Прокатиться таким образом один раз довелось и нам. С третьей неудачной попытки сесть на пароход отец договорился с мотолодочником. Сидеть пришлось на самом дне. Из-за борта высовывалась только голова. Наверное, мы еле плелись, но оттого что вода скользила совсем рядом, мне казалось — летели. Мотор тарахтел и поплевывал из коротенькой, обращенной концом вниз трубки. Хозяин в кепке сидел с бесстрастным лицом, словно индеец из романов Фенимора Купера, молча покручивал штурвальчик и высматривал левый берег. И мне было только жаль, что подвернулась не та лодка, какую очень бы хотелось. Ходили тогда по Амуру и совершенно индейские «пироги», моторки с одинаково сделанным носом и кормой, острыми и загнутыми кверху.
Ближе к осени, до паводка, берег и его речные окрестности оживлялись «сенниками», широкими, до двух метров, плоскодонными лодками. Чаще всего их соединяли попарно и тянули двумя моторками, одной было не под силу. Стог, поставленный на широкий помост, притапливал лодки и проплывал среди пароходов, лихтеров, нефтеналивных барж, изящных ведомственных катеров и полуглиссеров с достоинством представителя иной великой цивилизации. С краев помоста, чуть-чуть не достающего до волн, свисали и тянулись по воде, словно волосы русалки, длинные, зеленоватые колышущиеся пряди свежего сена.
Добрую половину лета «сенники» дожидались своего часа где-нибудь повыше на берегу. С первым снегом, вместе со всеми лодками, они возвращались в проулки и во дворы, чтобы зимние рыбаки, сатанеющие от мороза, не пустили их на дрова.
Под левым берегом напротив Казачьей горы («Казачки») и грузового порта все лето маячили баржи. Точно так же, как и сейчас, они появлялись там с самого начала навигации, а их исчезновение осенью означало ее конец, вот-вот пойдет шуга.

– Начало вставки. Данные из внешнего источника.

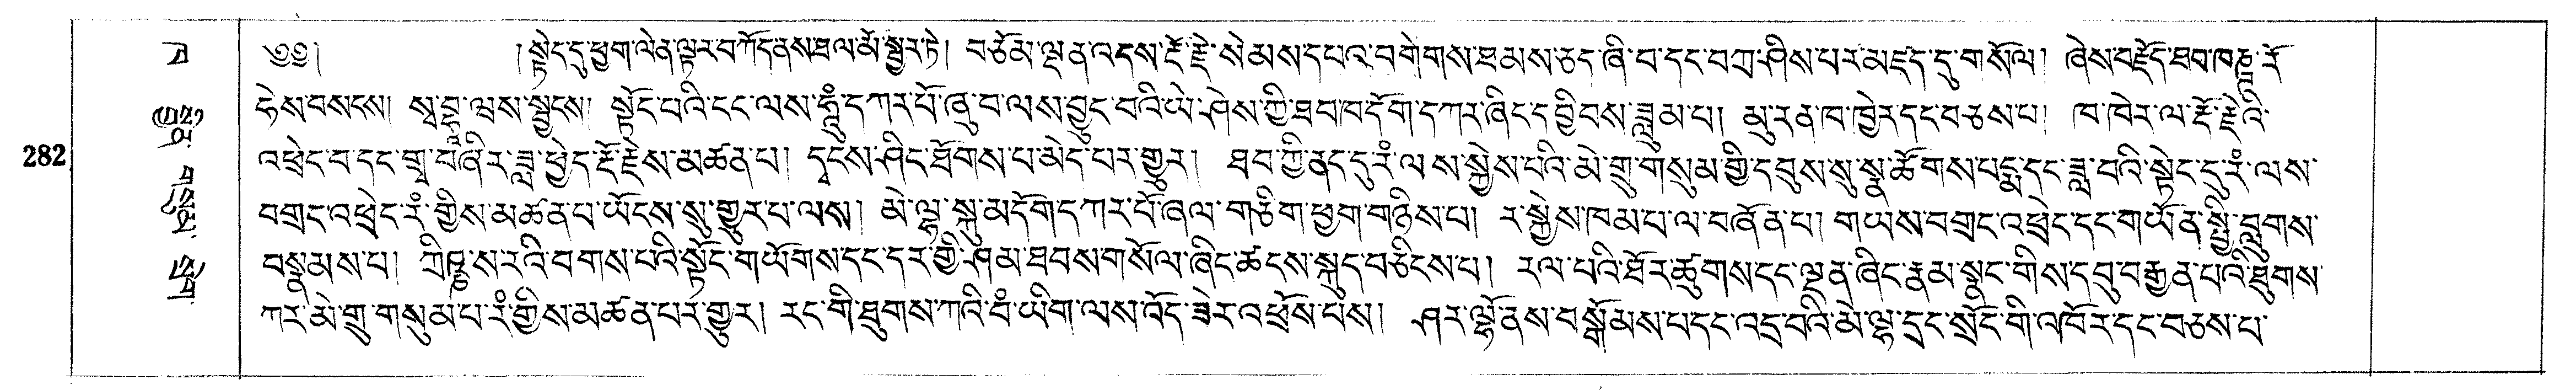༄༅། །སྟེང་དུ་ཕྱག་ལེན་ལྟར་བཀོད་ནས་ཐལ་མོ་སྦྱར་ཏེ། བཅོམ་ལྡན་འདས་རྡོ་རྗེ་སེམས་དཔའ་བགེགས་ཐམས་ཅད་ཞི་བ་དང་བཀྲ་ཤིས་པར་མཛད་དུ་གསོལ། ཞེས་བརྗོད། ཐག་པདམ་དོག་?
ཧེས་བསངས། སྭ་བྷཱ་ཝས་སྦྱངས། སྟོང་པའི་དང་ལས་ཧཱུཾ་དཀར་པོ་ཞུ་བ་ལས་བྱུང་བའི་ཡེ་ཤེས་ཀྱི་ཐབ་ཁ་དོག་དཀར་ཞིང་དབྱིབས་ཟླུམ་པ། མུ་རན་ཁ་ཁྱེར་དང་བཅས་པ། ཁ་ཁྱེར་ལ་རྡོ་རྗེའི་
འཕྲེང་བ་དང་གྲྭ་བཞིར་ཟླ་ཕྱེད་རྡོ་རྗེས་མཚན་པ། དྭངས་ཤིང་ཐོགས་པ་མེད་པར་གྱུར། ཐབ་ཀྱི་ནང་དུ་རཾ་ལས་སྐྱེས་པའི་མེ་གྲུ་གསུམ་གྱི་དབུས་སུ་སྣ་ཚོགས་པདམ་དང་ཟླ་བའི་སྟེང་དུ་རཾ་ལས་
བགྲང་འཕྲེང་རཾ་གྱིས་མཚན་པ་ཡོངས་སུ་གྱུར་པ་ལས། མེ་ལྷ་སྐུ་མདོག་དཀར་པོ་ཞལ་གཅིག་ཕྱག་གཉིས་པ། ར་སྐྱེས་ཁམ་པ་ལ་བཞོན་པ། གཡས་བགྲང་འཕྲེང་དང་གཡོན་སྤྱི་བླུགས་
བསྣམས་པ། ཀྲིཥྞ་?་ས་རའི་བགས་པའི་སྟོད་གཡོགས་དང་དར་གྱི་ཤམ་ཐབས་གསོལ་ཞིང་ཚངས་སྐུད་བཅིངས་པ། རལ་པའི་ཐོར་ཚུགས་དང་ལྡན་ཞིང་རྣམ་སྣང་གིས་དབུ་བརྒྱན་པའི་ཐུགས་?
ཀར་མེ་གྲུ་གསུམ་པ་རཾ་གྱིས་མཚན་པར་གྱུར། རང་གི་ཐུགས་ཀའི་རཾ་ཡིག་ལས་འོད་ཟེར་འཕྲོས་པས། ཤར་ལྷོ་ནས་བསྒོམས་པ་དང་འདྲ་བའི་མེ་ལྷ་དྲང་སྲོང་གི་འཁོར་དང་བཅས་པ་ཨོཾ་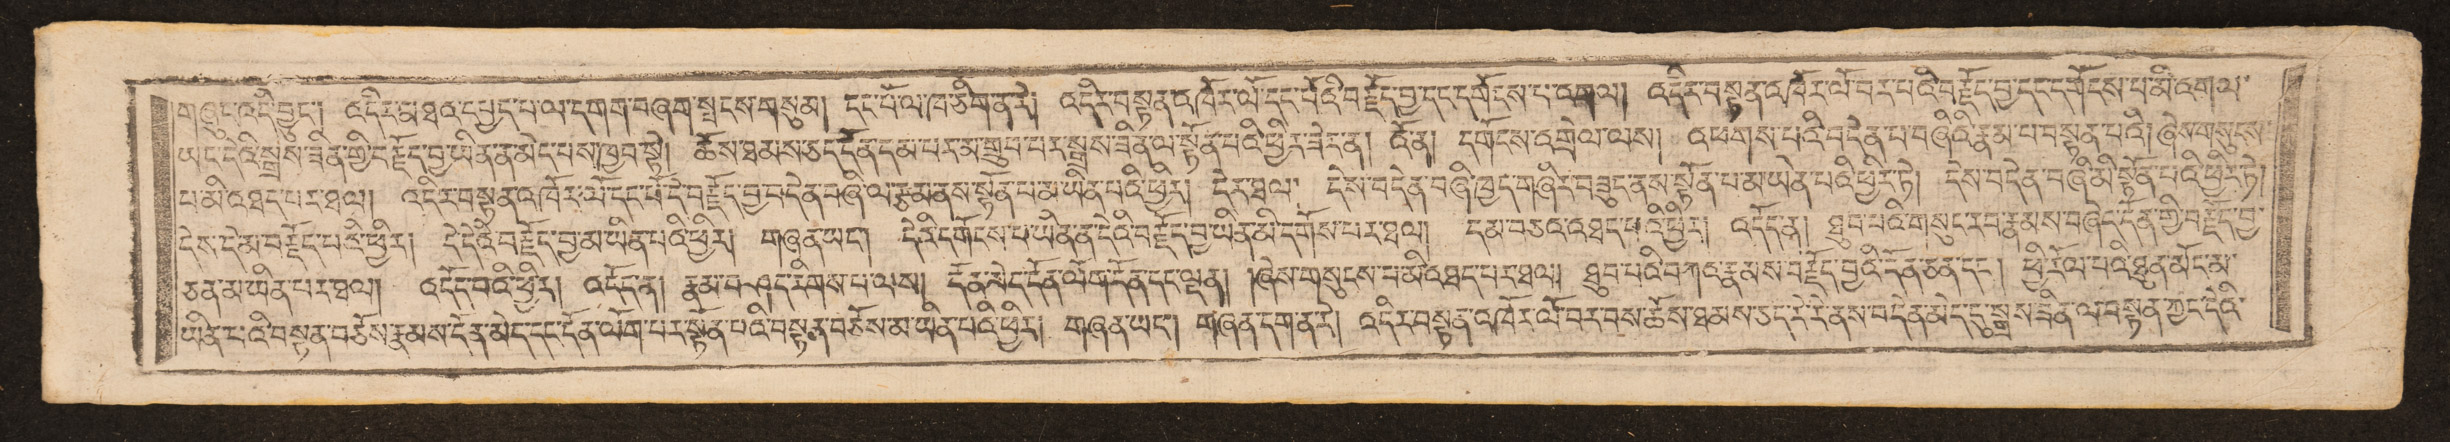གཞུང་འདི་བྱུང་། འདིར་མཐའ་དཔྱད་པ་ལ་དགག་བཞག་སྤངས་གསུམ། དང་པོ་ལ་ཁ་ཅིག་ན་རེ། འདིར་བསྟན་འཁོར་ལོ་དང་པོའི་བརྗོད་བྱ་དང་དགོངས་པ་འགལ། འདིར་བསྟན་འཁོར་ལོ་བར་བའི་བརྗོད་བྱ་དང་དགོངས་པ་མི་འགལ་
ཡང་དེའི་སྒྲས་ཟིན་གྱི་བརྗོད་བྱ་ཡིན་ན་མེད་པས་ཁྱབ་སྟེ། ཆོས་ཐམས་ཅད་དོན་དམ་པར་མ་གྲུབ་པར་སྒྲས་ཟིན་ལ་སྟོན་པའི་ཕྱིར་ཟེར་ན། འོ་ན། དགོངས་འགྲེལ་ལས། འཕགས་པའི་བདེན་པ་བཞིའི་རྣམ་པ་བསྟན་པའི། ཞེས་གསུངས་
པ་མི་འཐད་པར་ཐལ། འདིར་བསྟན་འཁོར་ལོ་དང་པོ་དེ་བརྗོད་བྱ་བདེན་བཞི་ལ་རྩམ་ནས་སྟོན་པ་མ་ཡིན་པའི་ཕྱིར། དེར་ཐལ། དེས་བདེན་བཞི་ཁྱད་གཞིར་བཟུང་ནས་སྟོན་པ་མ་ཡིན་པའི་ཕྱིར་ཏེ། དེས་བདེན་བཞི་མི་སྟོན་པའི་ཕྱིར་ཏེ།
དེས་དེ་མ་བརྗོད་པའི་ཕྱིར། དེ་དེའི་བརྗོད་བྱ་མ་ཡིན་པའི་ཕྱིར། གཞན་ཡང་། དེའི་དགོངས་པ་ཡིན་ན་དེའི་བརྗོད་བྱ་ཡིན་མི་དགོས་པར་ཐལ། དམ་བཅའ་འཐད་པའི་ཕྱིར། འདོད་ན། ཐུབ་པའི་གསུང་རབ་རྣམས་བཞེད་དོན་གྱི་བརྗོད་བྱ་
ཅན་མ་ཡིན་པར་ཐལ། འདོད་པའི་ཕྱིར། འདོད་ན། རྣམ་བཤད་རིགས་པ་ལས། དོན་མེད་དོན་ལོག་དོན་དང་ལྡན། །ཞེས་གསུངས་པ་མི་འཐད་པར་ཐལ། ཐུབ་པའི་བཀའ་རྣམས་བརྗོད་བྱའི་དོན་ཅན་དང་། ཕྱི་རོལ་པའི་ཐུན་མོང་མ་
ཡིན་པའི་བསྟན་བཅོས་རྣམས་དོན་མེད་དང་དོན་ལོག་པར་སྟོན་པའི་བསྟན་བཅོས་མ་ཡིན་པའི་ཕྱིར། གཞན་ཡང་། གཞན་དག་ན་རེ། འདིར་བསྟན་འཁོར་ལོ་བར་བས་ཆོས་ཐམས་ཅད་རེ་རེ་ནས་བདེན་མེད་དུ་སྒྲས་ཟིན་ལ་བསྟན་ཀྱང་དེའི་

В непогоду они холодно чернели, разворачивались по ветру на якорях, словно флюгеры, насколько позволяло течение. Ночью откликались топовыми огоньками, по которым в зыбкой струящейся темноте можно было угадать противоположный берег. Не знаю, действительно ли так, но мне кажется, на долю барж приходились самые крупные потери в речных кораблекрушениях. Мы не раз натыкались на брошенный корпус, полузатопленный или полузанесенный илом, песком с мелким плавником. Погнутое, а то и разорванное железо неслышно гибло от ржавчины, словно куча хлама. Еще сильнее щемили душу деревянные баржи с проломанными бортами, с торчащими брусьями обшивки. За зиму их доламывали, растаскивали на костры или в печи ближайших домов.
Разрушаясь, все эти баржи становились напоследок нашими кораблями, фрегатами последнего поколения мальчишек, мечтавших о море как о самой великой главе в своей жизни. Следующие начнут записываться в космонавты. И даже из нас только Рома поступил в мореходку, несколько лет плавал матросом Дальневосточного пароходства. Из своей морской жизни он вынес умение в любых условиях, будь то палаточный комфорт и рюкзак, сохранять на брюках стрелку и рассказывать об одном случае сильнее другого: то, как ему изменила владивостокская девушка Галя, а то, как ходил на известной парусной шхуне «Заря». О Гале — чистая правда, и я ему не завидовал. О «Заре», окрыленной белыми парящими парусами, он скорее всего загибал, но и мало веря, я очень завидовал. Пусть он и не ходил, но наверняка видел настоящую парусную шхуну, с легким креном скользившую за горизонт.